>>

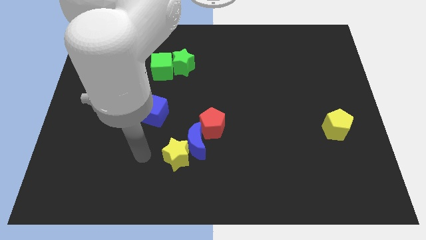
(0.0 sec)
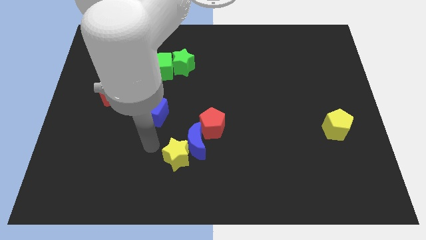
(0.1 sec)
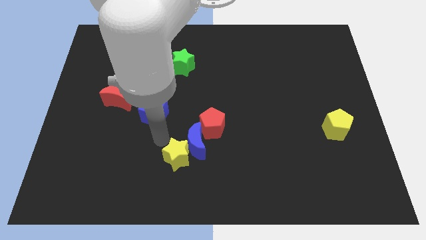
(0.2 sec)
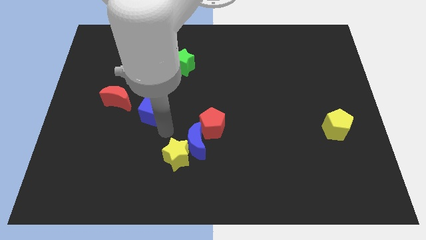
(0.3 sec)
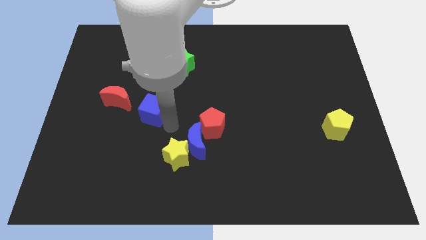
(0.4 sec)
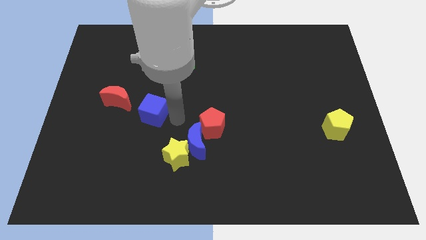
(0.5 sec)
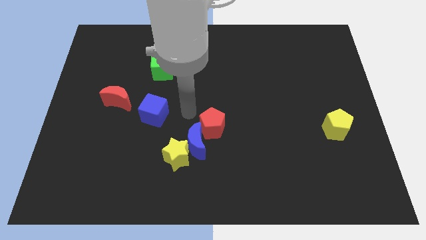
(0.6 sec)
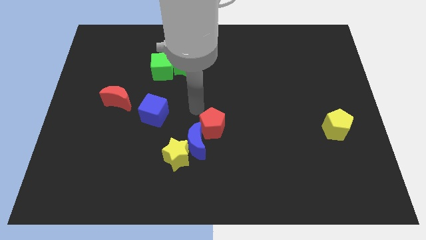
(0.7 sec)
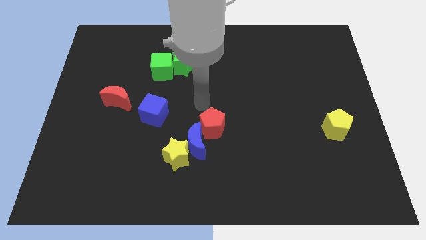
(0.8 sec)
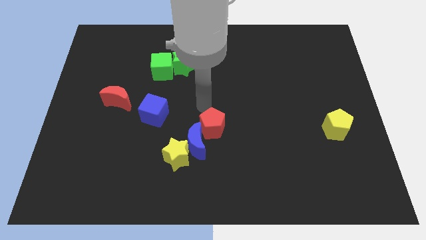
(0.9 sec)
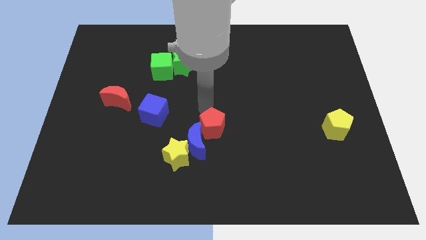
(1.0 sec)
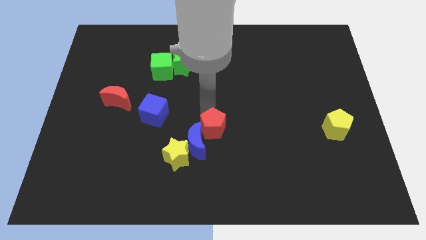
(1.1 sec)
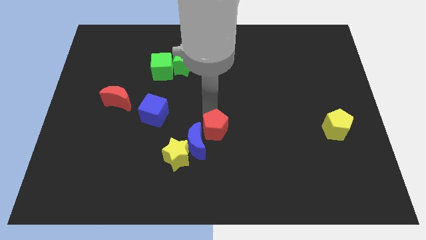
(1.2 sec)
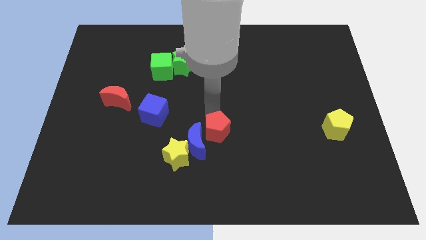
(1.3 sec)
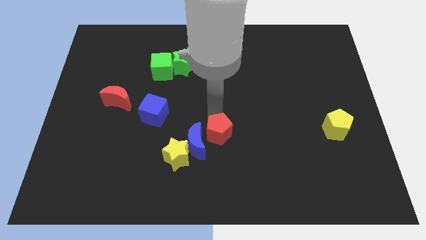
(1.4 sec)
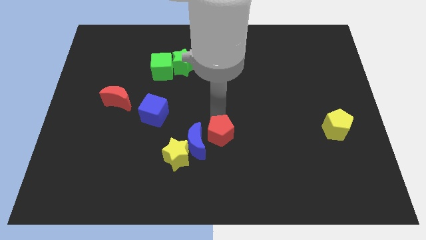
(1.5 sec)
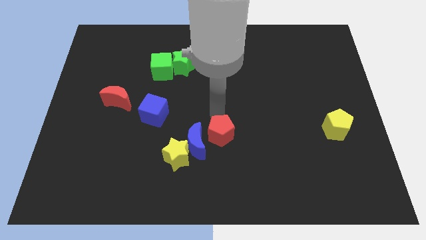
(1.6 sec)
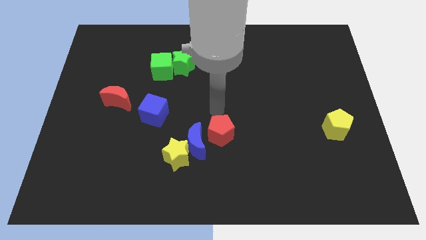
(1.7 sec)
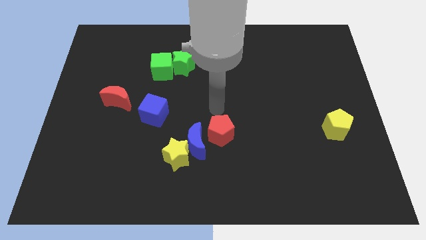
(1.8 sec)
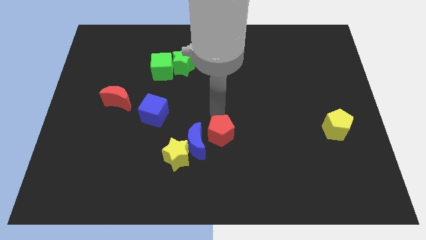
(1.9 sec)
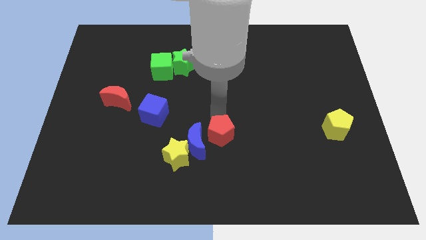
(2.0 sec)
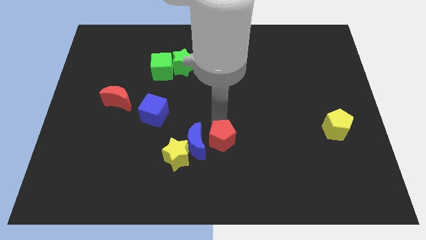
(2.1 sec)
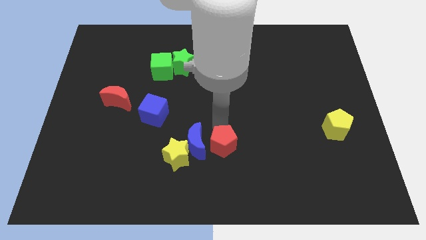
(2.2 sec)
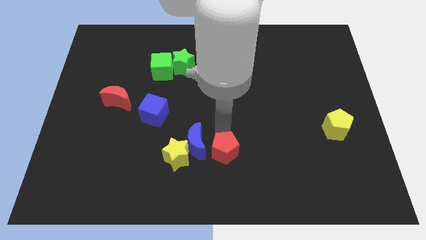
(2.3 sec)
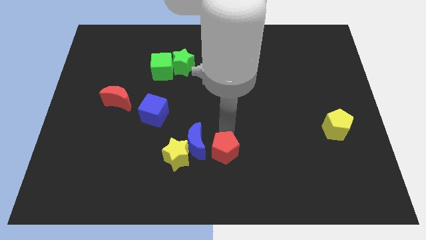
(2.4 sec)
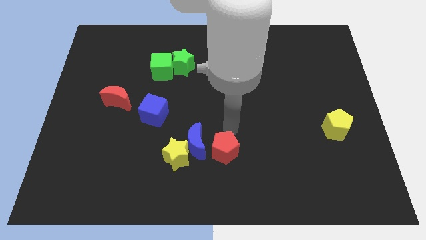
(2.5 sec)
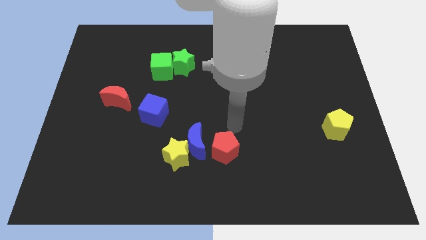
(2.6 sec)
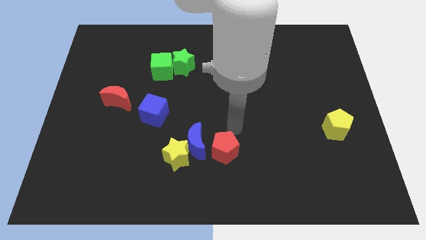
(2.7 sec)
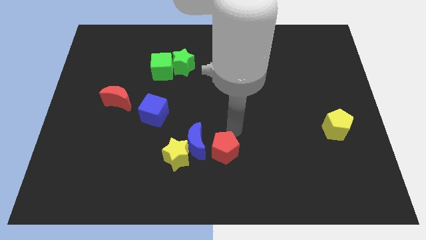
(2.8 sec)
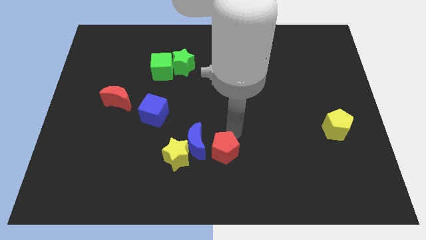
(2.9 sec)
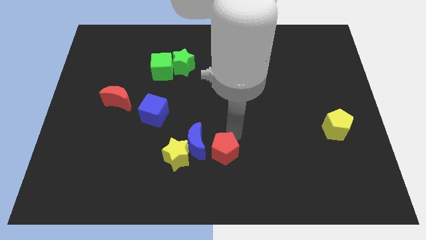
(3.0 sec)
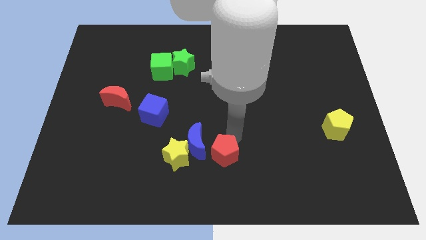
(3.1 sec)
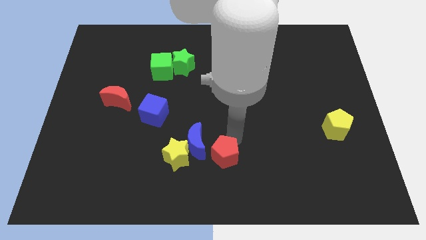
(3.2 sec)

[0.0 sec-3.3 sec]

<<

• **TASK DESCRIPTION**
Your response should reproduce the entire listing verbatim, minus the pictures.

• **OUTPUT BELOW**
(0.0 sec)
(0.1 sec)
(0.2 sec)
(0.3 sec)
(0.4 sec)
(0.5 sec)
(0.6 sec)
(0.7 sec)
(0.8 sec)
(0.9 sec)
(1.0 sec)
(1.1 sec)
(1.2 sec)
(1.3 sec)
(1.4 sec)
(1.5 sec)
(1.6 sec)
(1.7 sec)
(1.8 sec)
(1.9 sec)
(2.0 sec)
(2.1 sec)
(2.2 sec)
(2.3 sec)
(2.4 sec)
(2.5 sec)
(2.6 sec)
(2.7 sec)
(2.8 sec)
(2.9 sec)
(3.0 sec)
(3.1 sec)
(3.2 sec)

[0.0 sec-3.3 sec]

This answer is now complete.